The expectation of the Church has its origin in the words of Jesus, “Surely I come quickly,” and the only right reaction to this is, “Amen. Even so, come, Lord Jesus.” This “Amen” is what we are commanded to do now. A true attitude of expectation produces a life that is wholly about Jesus and motivates all areas of faith in word and deed.

The doctrine of the return of Jesus must not be forgotten any more than the doctrine of the love of God, sin or forgiveness. Here too we must return to the beginnings.

Andrew van der Bijl, known as Brother Andrew of Open Doors, emphasized, “The early church lived as though Jesus died yesterday. The early church lived as though Jesus rose again today.
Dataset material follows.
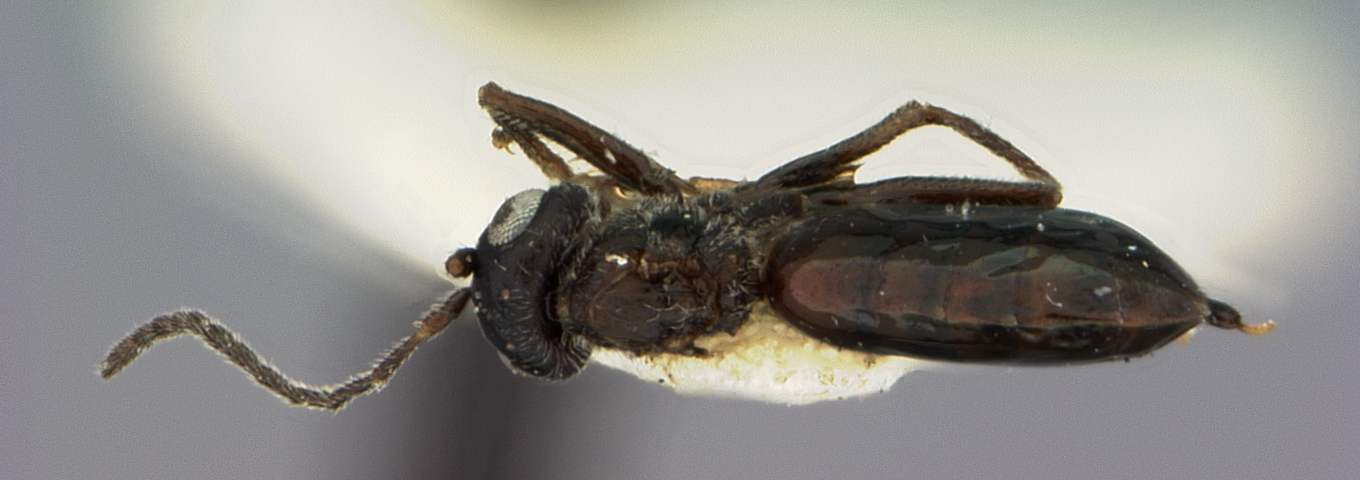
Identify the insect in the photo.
Phylloteras sigma

The early church lived as though Jesus would come tomorrow.”

The Bible explains at the end, “He which testifieth these things saith, Surely I come quickly. Amen. Even so, come, Lord Jesus” (Revelation 22:20).

Paul, the apostle of the nations (Galatians 2:7-10), also wrote a testament at the end of his life, inspired by the Holy Spirit. It says there, “For I am now ready to be offered, and the time of my departure is at hand. I have fought a good fight, I have finished my course, I have kept the faith: henceforth there is laid up for me a crown of righteousness, which the Lord, the righteous judge, shall give me at that day: and not to me only, but unto all that love his appearing” (2 Timothy 4:6-8). Peter, the apostle of the Jews (Galatians 2:7-10), wrote at the end of his life quite similarly in the form of a testament, “Knowing that shortly I must put off this tabernacle, even as our Lord Jesus Christ hath showed me. Moreover I will endeavour that ye may be able after my decease to have these things always in remembrance. For we have not followed cunningly devised fables, when we made known unto you the power and coming of our Lord Jesus Christ, but were eyewitnesses of his majesty…We have also a more sure word
of prophecy; whereunto ye do well that ye take heed, as unto a light that shineth in a dark place, until the day dawn, and the day star arise in your hearts” (2 Peter 1:14-16, 19).

Three witnesses testify to how important this will of the Lord is, to await Him. 1) The risen Lord Himself at the end of the Bible. 2) The apostle to the nations at the end of his life, particularly in view of the possibility of the rapture of the church. 3) The apostle to the Jews, also at the end of his life—particularly in view of Jesus’ return in glory.

It must have been very important to our Lord, if He positioned these references in such a similar fashion. And we should not take it any less seriously than other doctrines, because it represents a climax. It is the coronation of all truths: Jesus is coming again!

“He which testifieth these things saith, Surely I come quickly. Amen. Even so, come, Lord Jesus” (Revelation 22:20).